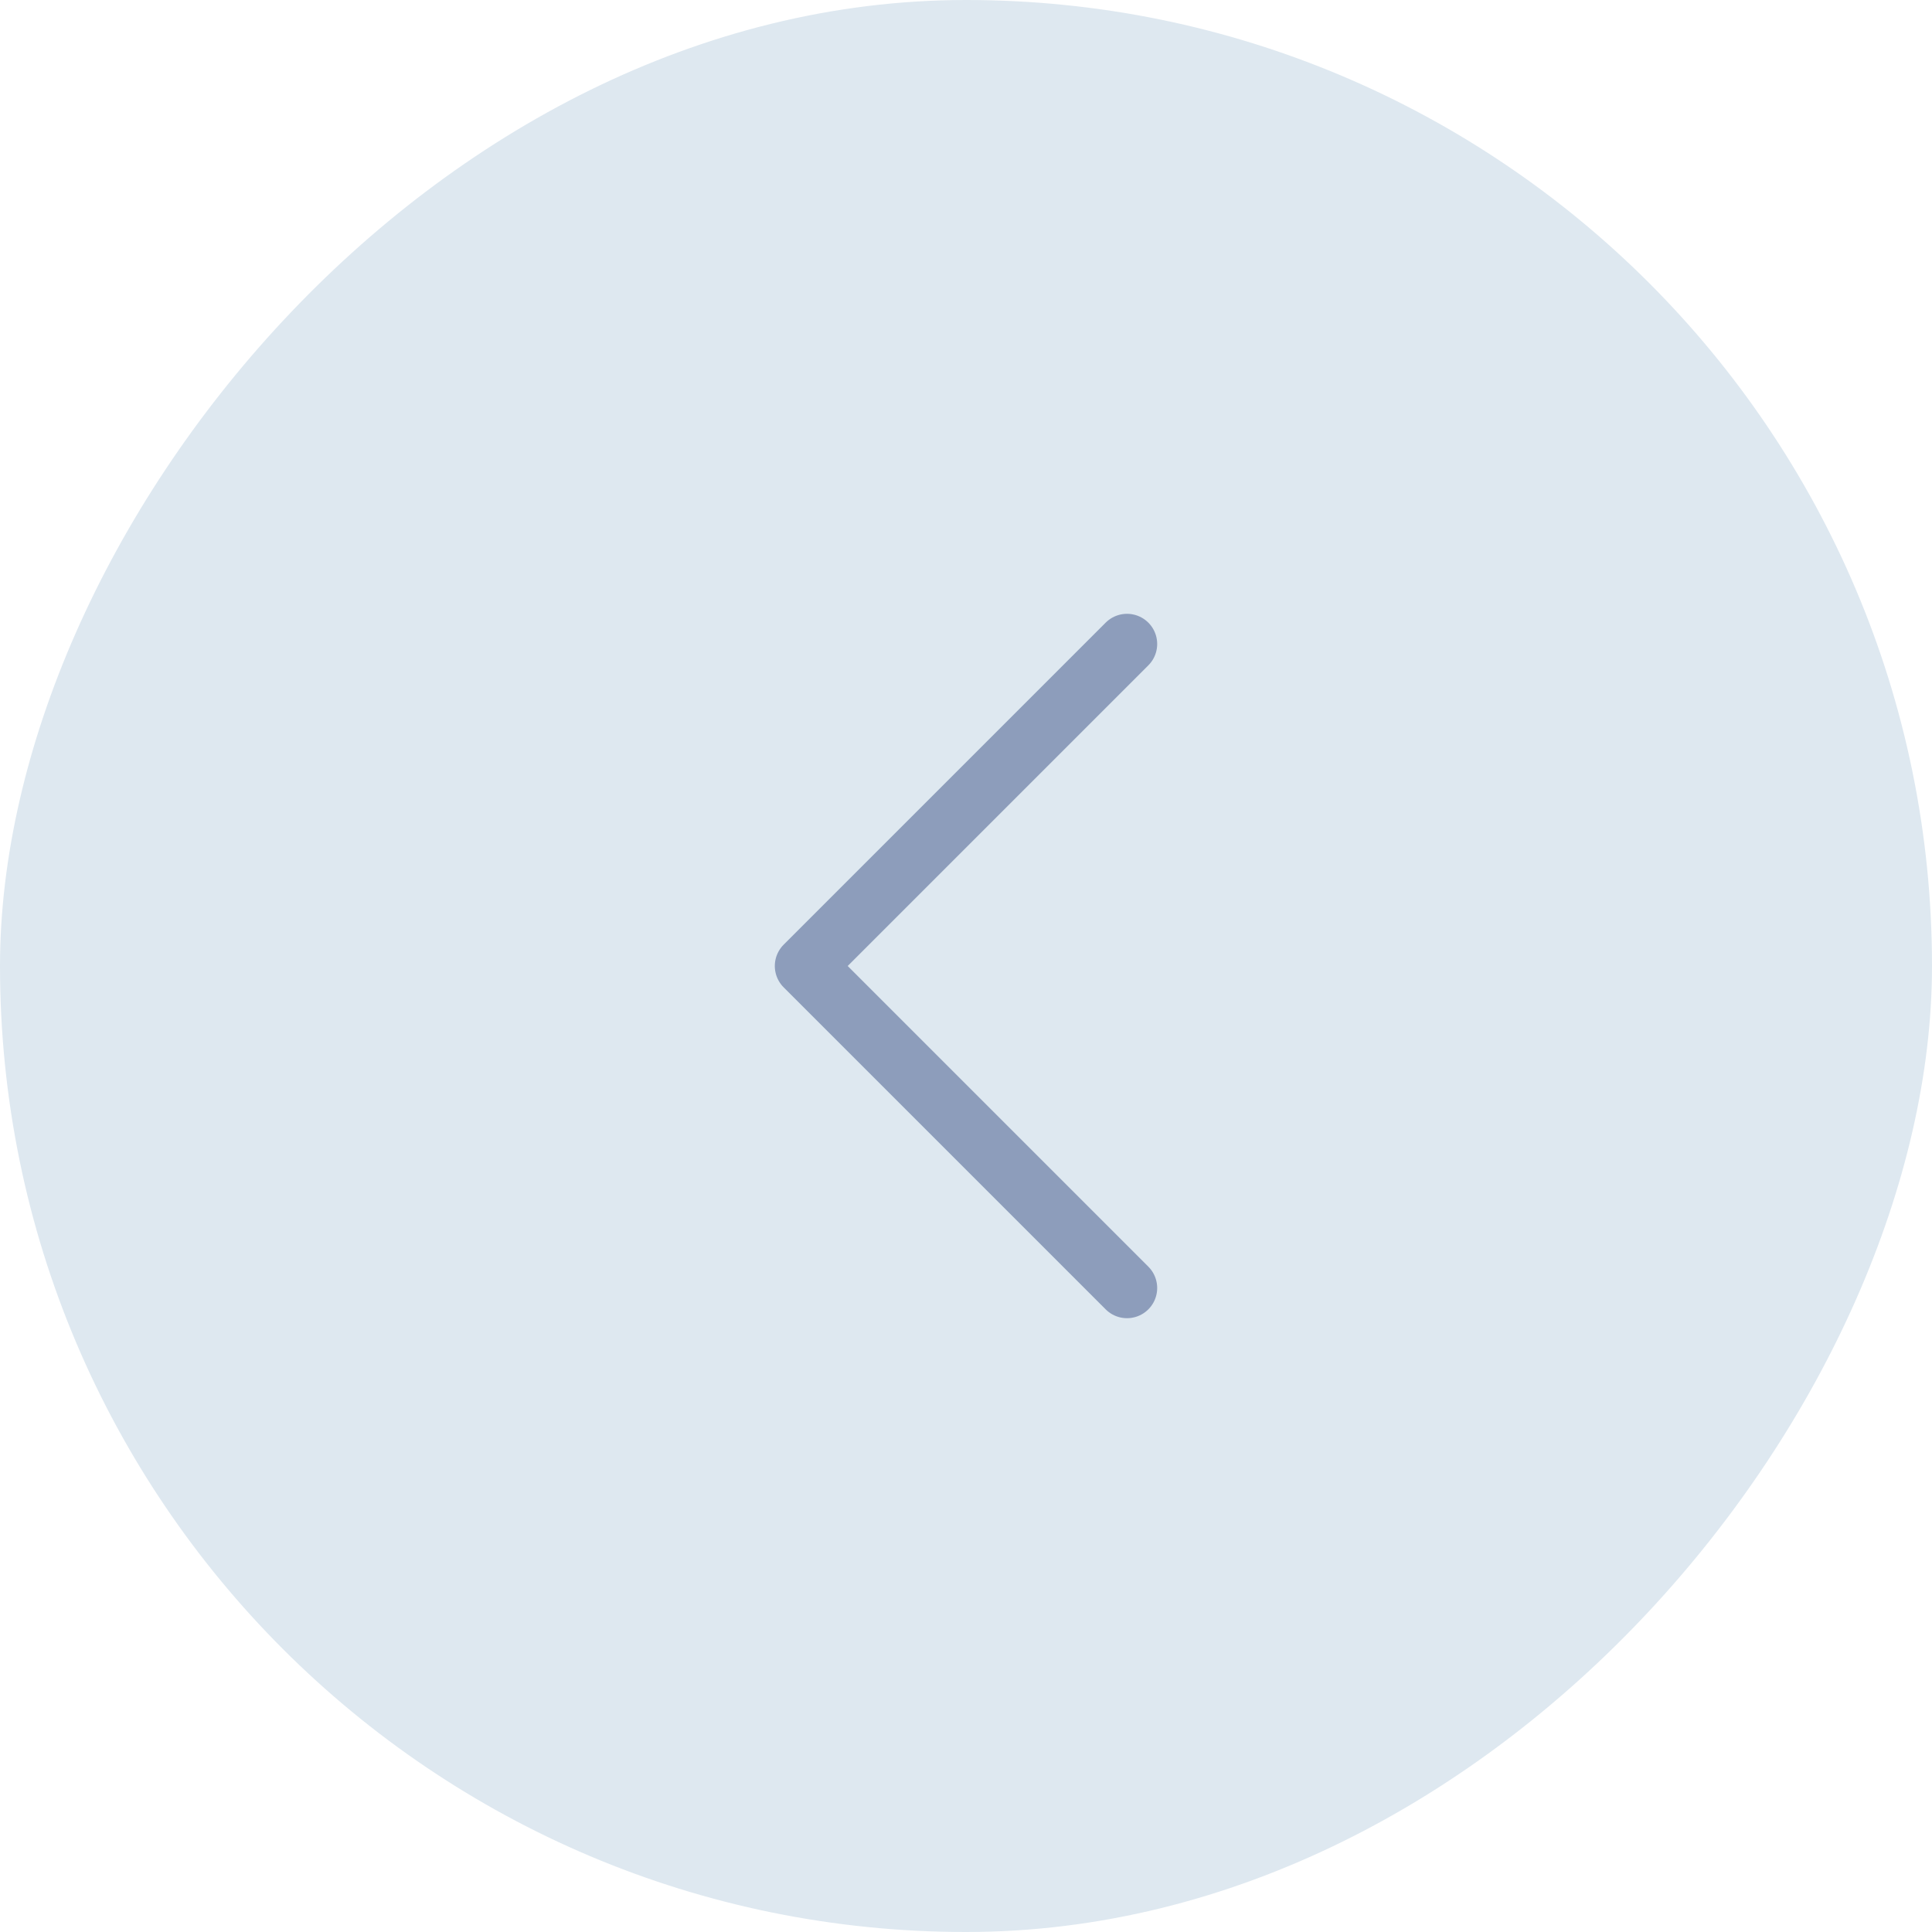 <svg xmlns="http://www.w3.org/2000/svg" width="48" height="48" fill="none"><rect width="48" height="48" fill="#DEE8F0" rx="24" transform="matrix(1 0 0 -1 0 48)"/><path stroke="#8D9DBB" stroke-linecap="round" stroke-linejoin="round" stroke-width="1.5" d="m28 16-8 8 8 8"/></svg>
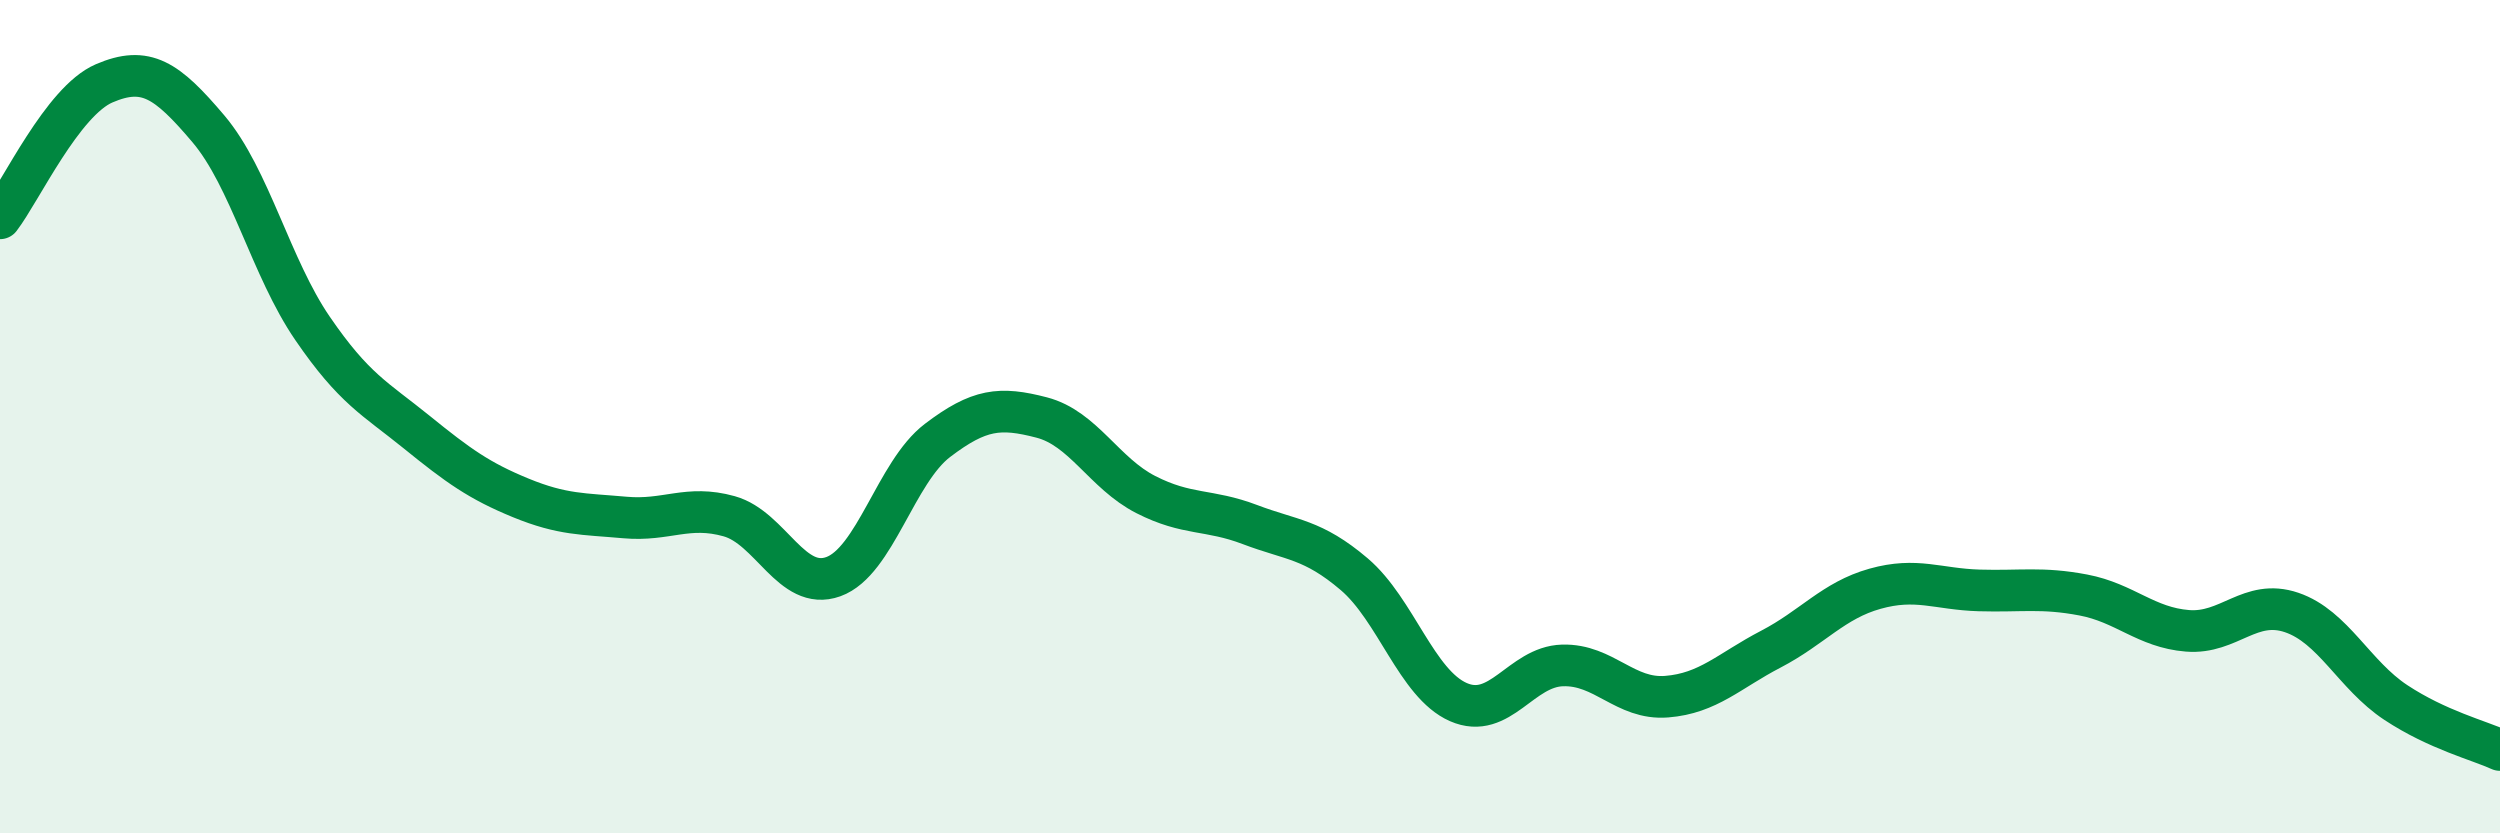 
    <svg width="60" height="20" viewBox="0 0 60 20" xmlns="http://www.w3.org/2000/svg">
      <path
        d="M 0,5.24 C 0.5,4.59 1.5,2.43 2.5,2 C 3.5,1.57 4,1.91 5,3.09 C 6,4.27 6.5,6.42 7.5,7.88 C 8.5,9.34 9,9.56 10,10.37 C 11,11.18 11.5,11.54 12.5,11.95 C 13.5,12.36 14,12.33 15,12.42 C 16,12.51 16.5,12.11 17.5,12.39 C 18.5,12.67 19,14.2 20,13.84 C 21,13.48 21.5,11.33 22.5,10.57 C 23.5,9.81 24,9.76 25,10.02 C 26,10.28 26.5,11.36 27.5,11.87 C 28.5,12.38 29,12.21 30,12.59 C 31,12.97 31.5,12.93 32.5,13.78 C 33.5,14.63 34,16.41 35,16.85 C 36,17.29 36.5,16 37.5,15.97 C 38.5,15.94 39,16.8 40,16.72 C 41,16.64 41.5,16.1 42.5,15.58 C 43.5,15.06 44,14.41 45,14.13 C 46,13.85 46.5,14.14 47.5,14.17 C 48.5,14.2 49,14.09 50,14.28 C 51,14.47 51.5,15.06 52.5,15.14 C 53.5,15.22 54,14.36 55,14.7 C 56,15.04 56.5,16.2 57.5,16.86 C 58.5,17.52 59.5,17.77 60,18L60 20L0 20Z"
        fill="#008740"
        opacity="0.1"
        stroke-linecap="round"
        stroke-linejoin="round"
      />
      <path
        d="M 0,5.24 C 0.5,4.59 1.5,2.43 2.5,2 C 3.5,1.57 4,1.91 5,3.09 C 6,4.27 6.5,6.42 7.5,7.88 C 8.5,9.34 9,9.56 10,10.37 C 11,11.18 11.5,11.54 12.5,11.95 C 13.5,12.36 14,12.33 15,12.42 C 16,12.51 16.5,12.11 17.5,12.39 C 18.5,12.67 19,14.2 20,13.84 C 21,13.48 21.5,11.33 22.5,10.57 C 23.5,9.81 24,9.76 25,10.02 C 26,10.28 26.5,11.36 27.5,11.87 C 28.5,12.38 29,12.21 30,12.59 C 31,12.97 31.5,12.93 32.5,13.78 C 33.5,14.63 34,16.41 35,16.85 C 36,17.29 36.5,16 37.5,15.97 C 38.5,15.94 39,16.8 40,16.72 C 41,16.64 41.5,16.1 42.5,15.58 C 43.5,15.06 44,14.41 45,14.13 C 46,13.85 46.5,14.14 47.5,14.17 C 48.5,14.2 49,14.09 50,14.28 C 51,14.47 51.5,15.06 52.5,15.14 C 53.5,15.22 54,14.36 55,14.7 C 56,15.04 56.5,16.2 57.5,16.86 C 58.5,17.52 59.5,17.77 60,18"
        stroke="#008740"
        stroke-width="1"
        fill="none"
        stroke-linecap="round"
        stroke-linejoin="round"
      />
    </svg>

══════

**WHAT NEEDS TO BE DONE**:
Please write out every line of the listing above exactly, and leave the images behind.

**EXERCISE OUTPUT**:
 <svg xmlns="http://www.w3.org/2000/svg" width="48" height="48" fill="none"><rect width="48" height="48" fill="#DEE8F0" rx="24" transform="matrix(1 0 0 -1 0 48)"/><path stroke="#8D9DBB" stroke-linecap="round" stroke-linejoin="round" stroke-width="1.5" d="m28 16-8 8 8 8"/></svg>
    <svg width="60" height="20" viewBox="0 0 60 20" xmlns="http://www.w3.org/2000/svg">
      <path
        d="M 0,5.24 C 0.5,4.59 1.5,2.43 2.5,2 C 3.5,1.57 4,1.91 5,3.09 C 6,4.27 6.5,6.42 7.5,7.88 C 8.5,9.34 9,9.56 10,10.37 C 11,11.18 11.5,11.54 12.5,11.95 C 13.5,12.36 14,12.33 15,12.42 C 16,12.51 16.5,12.11 17.5,12.39 C 18.5,12.67 19,14.2 20,13.84 C 21,13.48 21.5,11.33 22.5,10.57 C 23.5,9.81 24,9.76 25,10.02 C 26,10.28 26.5,11.36 27.5,11.87 C 28.5,12.38 29,12.21 30,12.59 C 31,12.97 31.5,12.93 32.5,13.78 C 33.5,14.63 34,16.41 35,16.85 C 36,17.29 36.5,16 37.5,15.97 C 38.5,15.94 39,16.8 40,16.72 C 41,16.64 41.5,16.1 42.5,15.58 C 43.5,15.06 44,14.41 45,14.13 C 46,13.85 46.5,14.14 47.5,14.17 C 48.5,14.2 49,14.09 50,14.28 C 51,14.47 51.5,15.06 52.5,15.14 C 53.5,15.22 54,14.36 55,14.7 C 56,15.04 56.5,16.2 57.5,16.86 C 58.5,17.52 59.5,17.77 60,18L60 20L0 20Z"
        fill="#008740"
        opacity="0.1"
        stroke-linecap="round"
        stroke-linejoin="round"
      />
      <path
        d="M 0,5.24 C 0.5,4.59 1.5,2.43 2.5,2 C 3.5,1.57 4,1.91 5,3.09 C 6,4.27 6.5,6.42 7.5,7.88 C 8.5,9.34 9,9.56 10,10.37 C 11,11.18 11.5,11.54 12.5,11.95 C 13.5,12.36 14,12.33 15,12.42 C 16,12.51 16.5,12.11 17.5,12.39 C 18.5,12.67 19,14.2 20,13.84 C 21,13.48 21.5,11.33 22.5,10.57 C 23.5,9.81 24,9.76 25,10.02 C 26,10.28 26.5,11.36 27.5,11.87 C 28.5,12.38 29,12.21 30,12.59 C 31,12.97 31.5,12.93 32.5,13.78 C 33.5,14.63 34,16.41 35,16.85 C 36,17.29 36.5,16 37.5,15.97 C 38.5,15.94 39,16.8 40,16.72 C 41,16.64 41.5,16.1 42.5,15.58 C 43.5,15.06 44,14.41 45,14.13 C 46,13.85 46.5,14.14 47.5,14.17 C 48.5,14.2 49,14.09 50,14.28 C 51,14.47 51.5,15.06 52.5,15.14 C 53.5,15.22 54,14.36 55,14.7 C 56,15.04 56.5,16.2 57.5,16.86 C 58.5,17.52 59.5,17.77 60,18"
        stroke="#008740"
        stroke-width="1"
        fill="none"
        stroke-linecap="round"
        stroke-linejoin="round"
      />
    </svg>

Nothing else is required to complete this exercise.